Coordinated control strategy of Grid-connected converters based on maximum power optimization during grid voltage sags

Renewable energy grid-connected converters are sensitive to unbalanced voltage, which can cause overcurrents. As a traditional control strategy, grid current is maintained within its rated limit by adjusting the current reference value. While, this method limits the OAP (output active power, OAP) of the converters and affects their reliability, which can cause OAP shortage in grid-connected system of renewable energy. To address this problem, this paper proposes a feasible and effective control strategy, which can optimize and enhance the output power of grid-connected converters. First, the toughness is defined and elaborated. Second, considering various constraints such as the grid current harmonics, power fluctuations and DC side voltage fluctuations, the operation toughness range of the converters is calculated. Based on the toughness range, an optimal operating point is selected and an optimal strategy is developed.

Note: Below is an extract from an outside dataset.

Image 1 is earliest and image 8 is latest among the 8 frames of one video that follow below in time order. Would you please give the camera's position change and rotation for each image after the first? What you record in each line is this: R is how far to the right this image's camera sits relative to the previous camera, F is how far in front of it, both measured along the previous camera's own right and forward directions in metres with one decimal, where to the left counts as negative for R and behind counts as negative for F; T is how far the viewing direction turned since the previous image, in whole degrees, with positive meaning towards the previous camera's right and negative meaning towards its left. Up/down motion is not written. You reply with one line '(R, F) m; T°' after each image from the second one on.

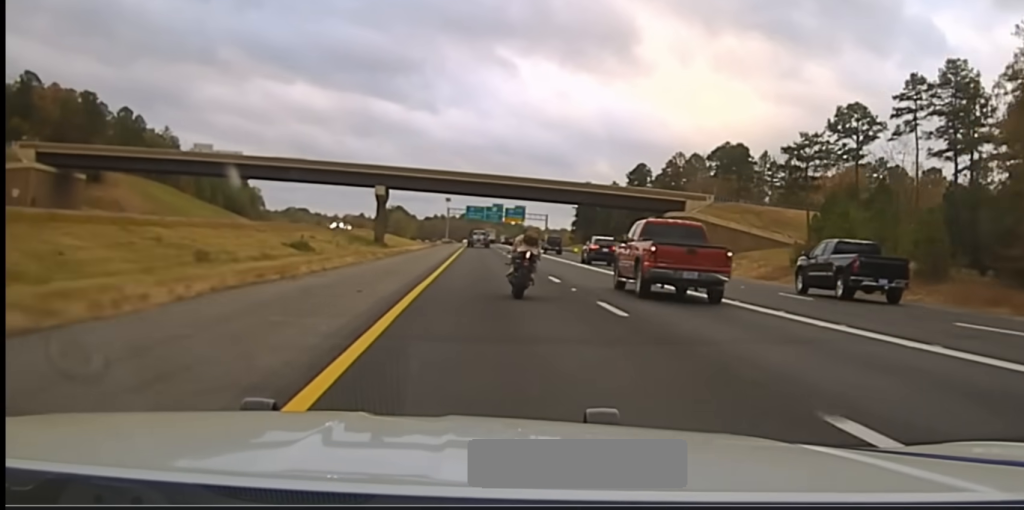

Then, the performance of adopted PCI controller is deeply analyzed and its parameters are designed in detail. Compared with the traditional strategy, the proposed strategy allows improving the maximum active power output capacity and toughness of the grid-connected converters under unbalanced grid conditions, while simultaneously limiting the power fluctuations and grid-into current distortions within an allowable range. Last, the power conversion capacity has been optimized, experimental results show the effectiveness and feasibility of the proposed strategy.